About this exercise
Print out each record below, unaltered and complete, without its images.

---

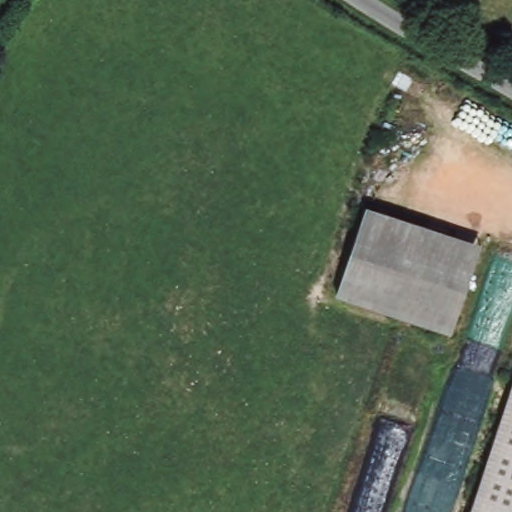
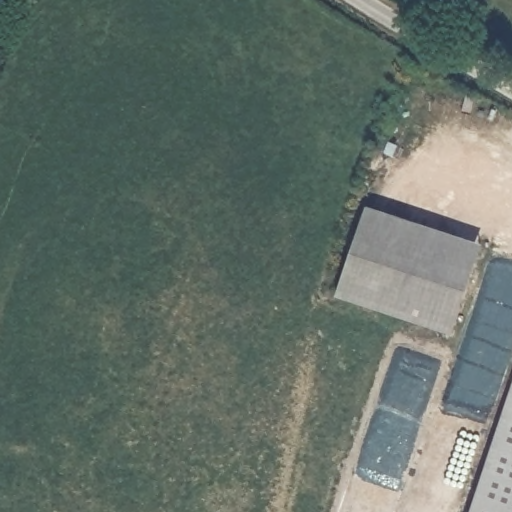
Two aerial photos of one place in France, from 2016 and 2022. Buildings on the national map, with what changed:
unchanged [(456,330),(336,291),(370,200),(483,242),(456,330)]
unchanged [(471,512),(512,390),(512,512),(471,512)]

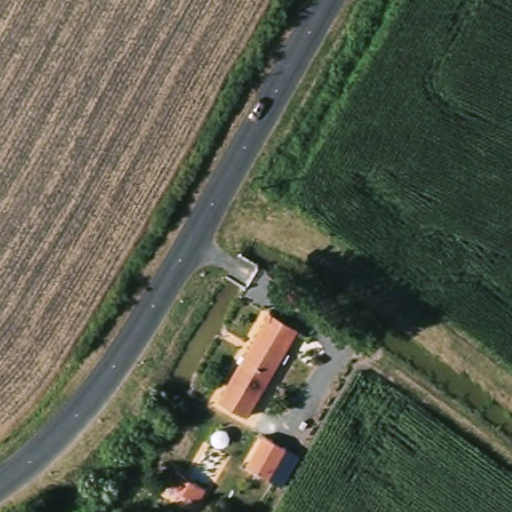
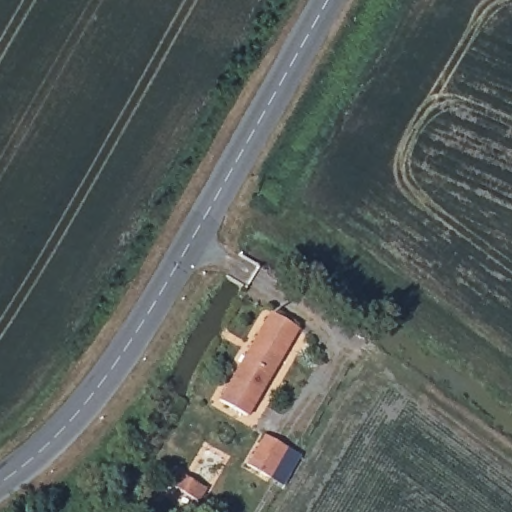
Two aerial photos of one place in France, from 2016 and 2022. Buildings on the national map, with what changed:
unchanged [(270,321),(300,336),(252,429),(221,412),(270,321)]
unchanged [(291,452),(272,486),(249,471),(267,433),(291,452)]
unchanged [(170,479),(201,496),(194,510),(162,493),(170,479)]

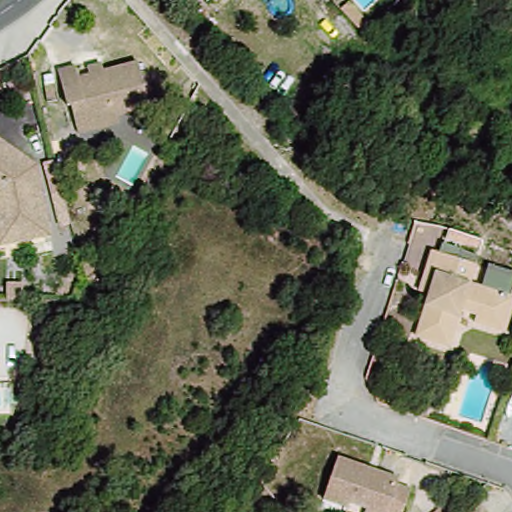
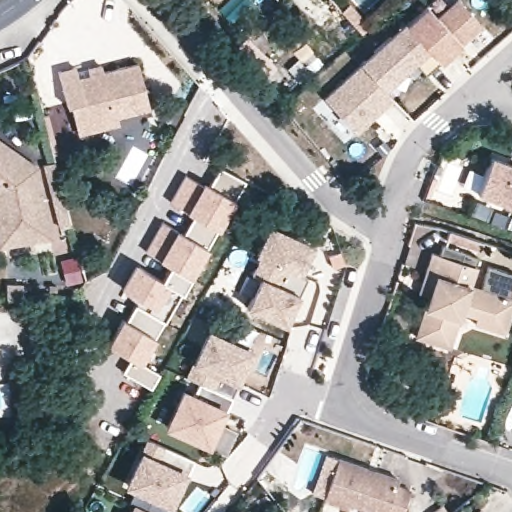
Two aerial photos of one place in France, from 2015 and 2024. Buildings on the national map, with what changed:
unchanged [(205,0),(207,0),(206,1),(205,0)]
new [(443,16),(461,0),(466,0),(487,24),(447,60),(413,23),(433,5),(443,16)]
new [(411,21),(413,23),(447,60),(432,73),(420,59),(389,86),(368,62),(367,61),(411,21)]
new [(252,36),(281,67),(270,77),(242,46),(252,36)]
new [(368,62),(389,86),(399,97),(362,131),(331,96),(368,62)]
unchanged [(81,132),(79,123),(76,107),(72,105),(67,70),(83,67),(85,79),(95,78),(93,68),(108,66),(109,73),(131,70),(140,112),(120,116),(121,124),(81,132)]
unchanged [(9,247),(0,196),(0,143),(39,170),(50,241),(9,247)]
new [(512,161),(512,202),(482,191),(496,155),(512,161)]
new [(169,266),(146,252),(164,221),(184,234),(194,215),(171,202),(186,175),(208,188),(220,167),(245,181),(190,277),(169,266)]
unchanged [(0,249),(0,196),(9,247),(0,249)]
new [(269,224),(320,247),(307,276),(255,252),(269,224)]
unchanged [(502,327),(473,320),(475,312),(459,308),(448,343),(415,333),(428,291),(416,287),(419,276),(426,249),(472,262),(467,279),(501,290),(512,295),(502,327)]
new [(257,278),(262,280),(271,260),(312,279),(313,279),(304,298),(299,297),(284,331),(242,312),(257,278)]
new [(151,388),(123,372),(131,357),(107,345),(122,317),(127,321),(138,302),(128,296),(130,293),(121,288),(134,263),(162,279),(169,266),(190,277),(182,291),(170,284),(156,308),(152,306),(148,312),(164,320),(154,337),(156,338),(141,362),(160,373),(151,388)]
new [(205,328),(252,351),(238,382),(245,386),(239,399),(191,377),(195,369),(188,366),(205,328)]
new [(181,387),(194,392),(199,381),(233,396),(227,407),(210,447),(163,427),(181,387)]
new [(142,451),(144,452),(150,439),(201,462),(196,475),(191,473),(176,505),(127,483),(142,451)]
unchanged [(364,506),(346,500),(345,505),(322,497),(337,456),(397,476),(395,483),(409,488),(400,512),(362,512),(364,506)]
new [(136,504),(140,506),(154,512),(132,512),(136,504)]
unchanged [(483,508),(486,512),(479,512),(483,508)]

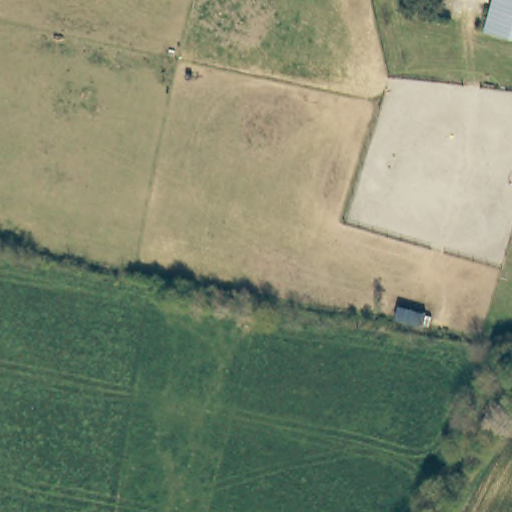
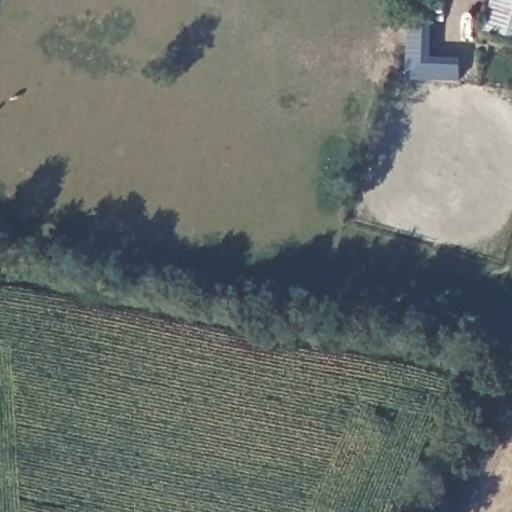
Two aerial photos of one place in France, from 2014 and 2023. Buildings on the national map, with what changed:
unchanged [(497,0),(512,0),(512,36),(487,27),(497,0)]
new [(407,77),(412,9),(433,11),(432,56),(461,58),(460,81),(407,77)]

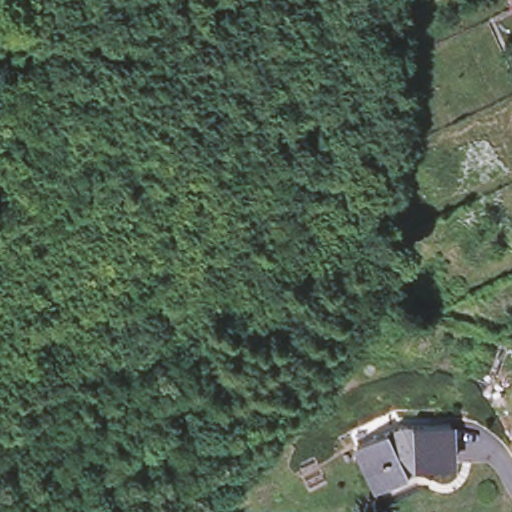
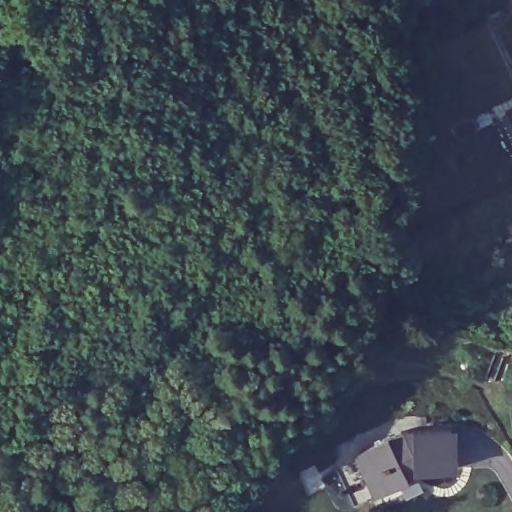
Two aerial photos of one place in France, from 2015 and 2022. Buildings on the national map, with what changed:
unchanged [(358,449),(403,429),(451,429),(452,467),(412,468),(409,465),(404,468),(407,477),(378,491),(358,449)]

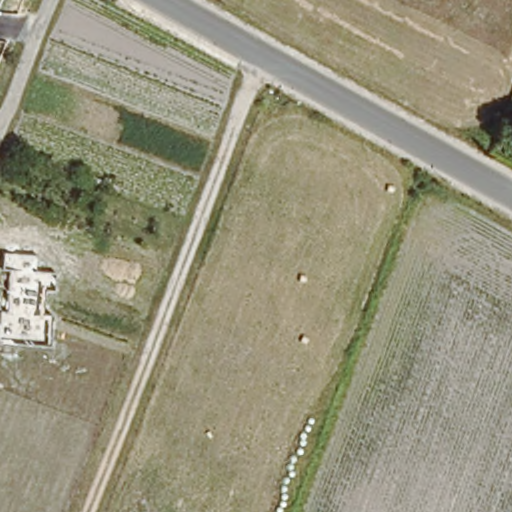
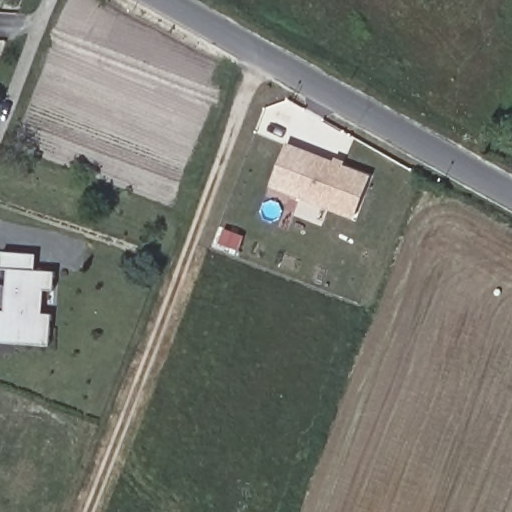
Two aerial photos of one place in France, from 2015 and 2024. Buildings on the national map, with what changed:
new [(270,185),(287,141),(372,175),(355,218),(270,185)]
new [(0,342),(0,310),(5,310),(9,269),(2,269),(4,251),(36,253),(35,271),(56,272),(55,289),(44,288),(44,314),(52,314),(50,345),(0,342)]

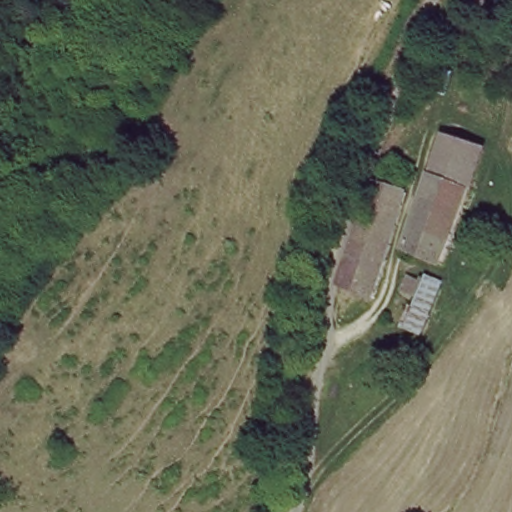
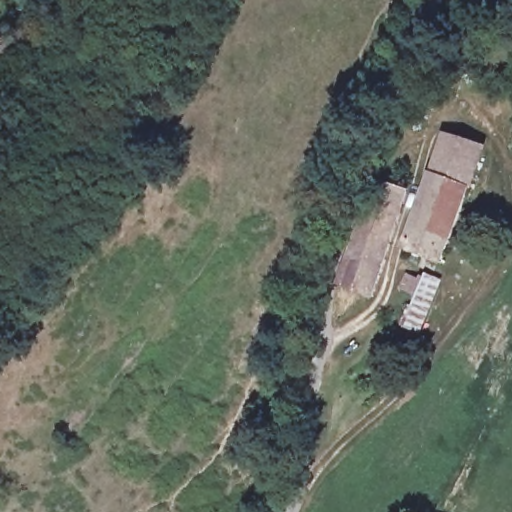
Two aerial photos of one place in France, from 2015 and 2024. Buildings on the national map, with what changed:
unchanged [(475,152),(465,186),(430,176),(439,142),(475,152)]
unchanged [(445,254),(445,261),(409,251),(430,176),(465,186),(445,254)]
unchanged [(392,301),(341,283),(376,188),(411,198),(392,263),(407,271),(392,301)]
unchanged [(423,277),(440,286),(439,297),(427,339),(405,321),(423,277)]

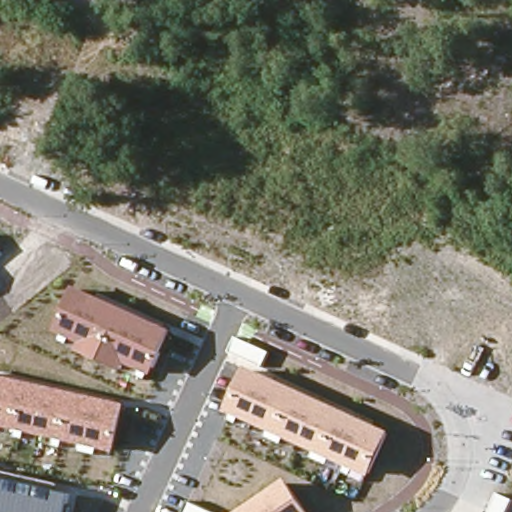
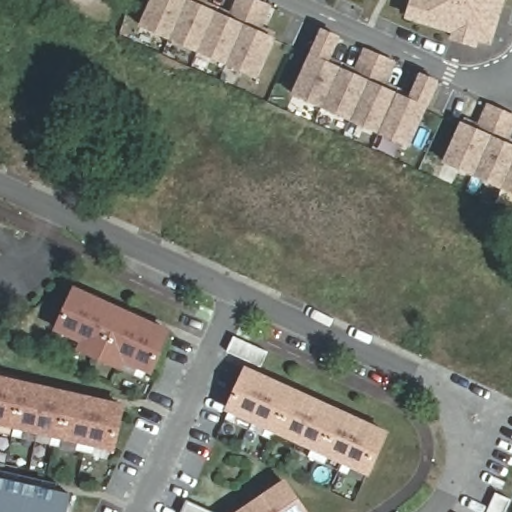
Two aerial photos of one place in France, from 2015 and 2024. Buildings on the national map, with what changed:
new [(207,8),(234,20),(244,0),(258,0),(260,1),(274,7),(263,33),(278,39),(260,78),(146,26),(158,0),(211,0),(207,8)]
new [(493,43),(419,20),(425,0),(506,0),(493,43)]
new [(371,50),(386,57),(400,63),(389,89),(416,101),(427,75),(443,83),(431,108),(414,146),(300,95),(317,57),(329,31),(344,38),(333,64),(360,76),(371,50)]
new [(494,107),(508,113),(512,115),(512,143),(511,145),(512,146),(512,192),(451,164),(468,126),(483,132),(494,107)]
unchanged [(154,374),(126,362),(123,370),(77,350),(80,342),(51,330),(72,284),(173,329),(154,374)]
unchanged [(371,476),(224,410),(245,365),(390,430),(371,476)]
unchanged [(0,426),(0,375),(126,402),(116,452),(0,426)]
unchanged [(0,512),(0,477),(72,493),(68,512),(0,512)]
unchanged [(308,512),(237,512),(286,479),(308,512)]
new [(511,497),(504,512),(486,512),(487,511),(496,490),(511,497)]
unchanged [(214,512),(183,512),(188,500),(214,512)]

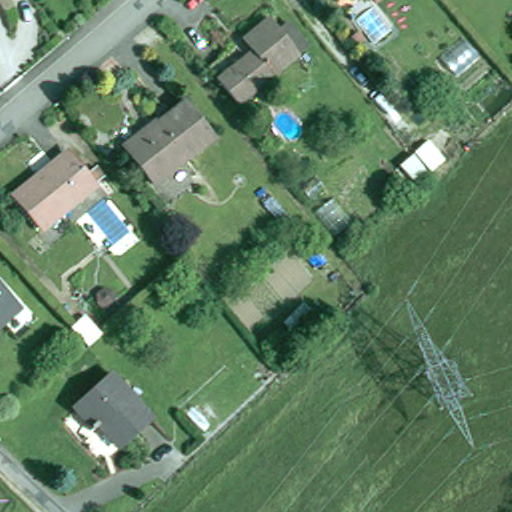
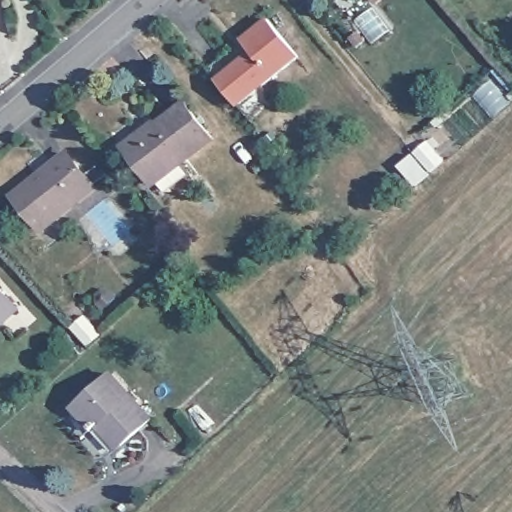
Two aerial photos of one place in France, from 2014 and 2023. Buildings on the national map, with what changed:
unchanged [(248,103),(227,78),(260,52),(249,39),(275,19),(307,54),(248,103)]
unchanged [(160,185),(127,148),(147,130),(150,133),(187,103),(217,136),(160,185)]
unchanged [(47,229),(15,194),(67,151),(97,187),(47,229)]
unchanged [(0,326),(0,284),(21,308),(0,326)]
unchanged [(73,326),(88,314),(105,332),(90,345),(73,326)]
unchanged [(130,445),(107,423),(98,430),(77,404),(117,374),(158,419),(130,445)]

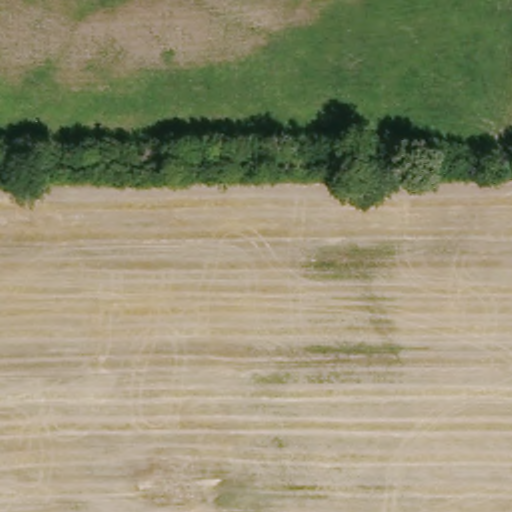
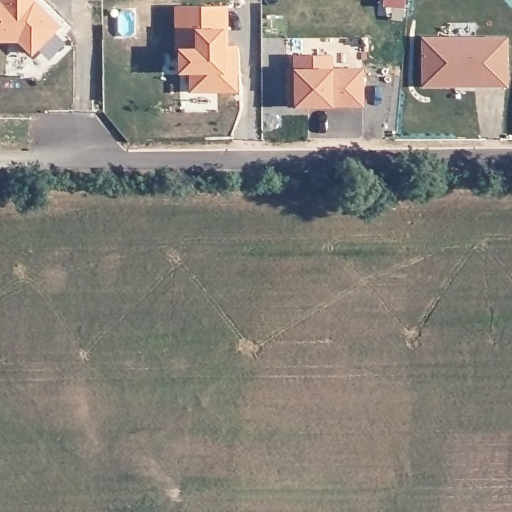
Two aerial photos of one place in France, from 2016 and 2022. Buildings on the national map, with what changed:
new [(0,40),(0,0),(37,0),(60,24),(32,51),(18,39),(0,40)]
new [(176,4),(227,4),(227,45),(235,45),(237,90),(191,88),(191,72),(177,71),(178,46),(175,46),(176,4)]
new [(422,85),(421,35),(506,35),(506,84),(422,85)]
new [(331,105),(294,105),(286,105),(286,67),(293,68),(293,55),(331,52),(332,67),(363,67),(363,104),(331,105)]

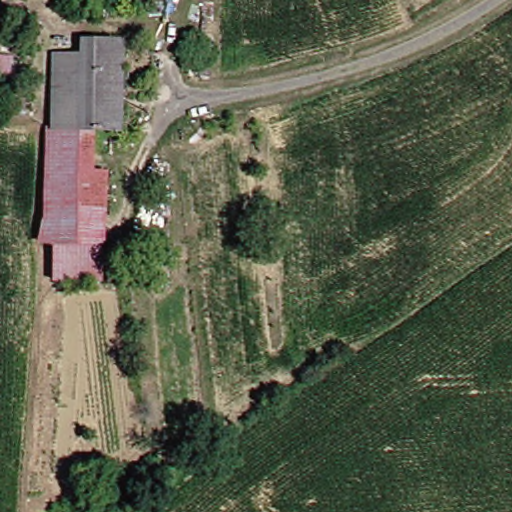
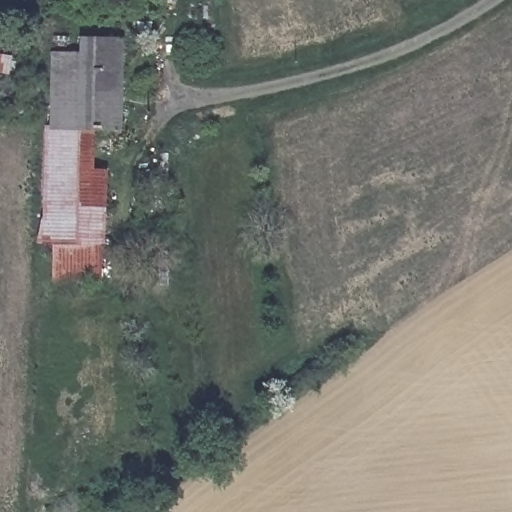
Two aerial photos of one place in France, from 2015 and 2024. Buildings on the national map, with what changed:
unchanged [(47,211),(40,210),(41,130),(48,130),(48,38),(114,40),(111,133),(85,133),(85,181),(105,184),(103,284),(46,280),(47,211)]

---

Final answer
Two aerial photos of one place in France, from 2016 and 2022. Buildings on the national map, with what changed:
unchanged [(456,330),(336,291),(370,200),(483,242),(456,330)]
unchanged [(471,512),(512,390),(512,512),(471,512)]

Two aerial photos of one place in France, from 2016 and 2022. Buildings on the national map, with what changed:
unchanged [(270,321),(300,336),(252,429),(221,412),(270,321)]
unchanged [(291,452),(272,486),(249,471),(267,433),(291,452)]
unchanged [(170,479),(201,496),(194,510),(162,493),(170,479)]

Two aerial photos of one place in France, from 2015 and 2024. Buildings on the national map, with what changed:
unchanged [(205,0),(207,0),(206,1),(205,0)]
new [(443,16),(461,0),(466,0),(487,24),(447,60),(413,23),(433,5),(443,16)]
new [(411,21),(413,23),(447,60),(432,73),(420,59),(389,86),(368,62),(367,61),(411,21)]
new [(252,36),(281,67),(270,77),(242,46),(252,36)]
new [(368,62),(389,86),(399,97),(362,131),(331,96),(368,62)]
unchanged [(81,132),(79,123),(76,107),(72,105),(67,70),(83,67),(85,79),(95,78),(93,68),(108,66),(109,73),(131,70),(140,112),(120,116),(121,124),(81,132)]
unchanged [(9,247),(0,196),(0,143),(39,170),(50,241),(9,247)]
new [(512,161),(512,202),(482,191),(496,155),(512,161)]
new [(169,266),(146,252),(164,221),(184,234),(194,215),(171,202),(186,175),(208,188),(220,167),(245,181),(190,277),(169,266)]
unchanged [(0,249),(0,196),(9,247),(0,249)]
new [(269,224),(320,247),(307,276),(255,252),(269,224)]
unchanged [(502,327),(473,320),(475,312),(459,308),(448,343),(415,333),(428,291),(416,287),(419,276),(426,249),(472,262),(467,279),(501,290),(512,295),(502,327)]
new [(257,278),(262,280),(271,260),(312,279),(313,279),(304,298),(299,297),(284,331),(242,312),(257,278)]
new [(151,388),(123,372),(131,357),(107,345),(122,317),(127,321),(138,302),(128,296),(130,293),(121,288),(134,263),(162,279),(169,266),(190,277),(182,291),(170,284),(156,308),(152,306),(148,312),(164,320),(154,337),(156,338),(141,362),(160,373),(151,388)]
new [(205,328),(252,351),(238,382),(245,386),(239,399),(191,377),(195,369),(188,366),(205,328)]
new [(181,387),(194,392),(199,381),(233,396),(227,407),(210,447),(163,427),(181,387)]
new [(142,451),(144,452),(150,439),(201,462),(196,475),(191,473),(176,505),(127,483),(142,451)]
unchanged [(364,506),(346,500),(345,505),(322,497),(337,456),(397,476),(395,483),(409,488),(400,512),(362,512),(364,506)]
new [(136,504),(140,506),(154,512),(132,512),(136,504)]
unchanged [(483,508),(486,512),(479,512),(483,508)]

Two aerial photos of one place in France, from 2014 and 2023. Buildings on the national map, with what changed:
unchanged [(497,0),(512,0),(512,36),(487,27),(497,0)]
new [(407,77),(412,9),(433,11),(432,56),(461,58),(460,81),(407,77)]

Two aerial photos of one place in France, from 2015 and 2022. Buildings on the national map, with what changed:
unchanged [(358,449),(403,429),(451,429),(452,467),(412,468),(409,465),(404,468),(407,477),(378,491),(358,449)]

Two aerial photos of one place in France, from 2015 and 2024. Buildings on the national map, with what changed:
new [(270,185),(287,141),(372,175),(355,218),(270,185)]
new [(0,342),(0,310),(5,310),(9,269),(2,269),(4,251),(36,253),(35,271),(56,272),(55,289),(44,288),(44,314),(52,314),(50,345),(0,342)]

Two aerial photos of one place in France, from 2015 and 2024. Buildings on the national map, with what changed:
unchanged [(475,152),(465,186),(430,176),(439,142),(475,152)]
unchanged [(445,254),(445,261),(409,251),(430,176),(465,186),(445,254)]
unchanged [(392,301),(341,283),(376,188),(411,198),(392,263),(407,271),(392,301)]
unchanged [(423,277),(440,286),(439,297),(427,339),(405,321),(423,277)]

Two aerial photos of one place in France, from 2015 and 2024. Buildings on the national map, with what changed:
new [(207,8),(234,20),(244,0),(258,0),(260,1),(274,7),(263,33),(278,39),(260,78),(146,26),(158,0),(211,0),(207,8)]
new [(493,43),(419,20),(425,0),(506,0),(493,43)]
new [(371,50),(386,57),(400,63),(389,89),(416,101),(427,75),(443,83),(431,108),(414,146),(300,95),(317,57),(329,31),(344,38),(333,64),(360,76),(371,50)]
new [(494,107),(508,113),(512,115),(512,143),(511,145),(512,146),(512,192),(451,164),(468,126),(483,132),(494,107)]
unchanged [(154,374),(126,362),(123,370),(77,350),(80,342),(51,330),(72,284),(173,329),(154,374)]
unchanged [(371,476),(224,410),(245,365),(390,430),(371,476)]
unchanged [(0,426),(0,375),(126,402),(116,452),(0,426)]
unchanged [(0,512),(0,477),(72,493),(68,512),(0,512)]
unchanged [(308,512),(237,512),(286,479),(308,512)]
new [(511,497),(504,512),(486,512),(487,511),(496,490),(511,497)]
unchanged [(214,512),(183,512),(188,500),(214,512)]

Two aerial photos of one place in France, from 2014 and 2023. Buildings on the national map, with what changed:
unchanged [(248,103),(227,78),(260,52),(249,39),(275,19),(307,54),(248,103)]
unchanged [(160,185),(127,148),(147,130),(150,133),(187,103),(217,136),(160,185)]
unchanged [(47,229),(15,194),(67,151),(97,187),(47,229)]
unchanged [(0,326),(0,284),(21,308),(0,326)]
unchanged [(73,326),(88,314),(105,332),(90,345),(73,326)]
unchanged [(130,445),(107,423),(98,430),(77,404),(117,374),(158,419),(130,445)]

Two aerial photos of one place in France, from 2016 and 2022. Buildings on the national map, with what changed:
new [(0,40),(0,0),(37,0),(60,24),(32,51),(18,39),(0,40)]
new [(176,4),(227,4),(227,45),(235,45),(237,90),(191,88),(191,72),(177,71),(178,46),(175,46),(176,4)]
new [(422,85),(421,35),(506,35),(506,84),(422,85)]
new [(331,105),(294,105),(286,105),(286,67),(293,68),(293,55),(331,52),(332,67),(363,67),(363,104),(331,105)]

Two aerial photos of one place in France, from 2015 and 2024. Buildings on the national map, with what changed:
unchanged [(47,211),(40,210),(41,130),(48,130),(48,38),(114,40),(111,133),(85,133),(85,181),(105,184),(103,284),(46,280),(47,211)]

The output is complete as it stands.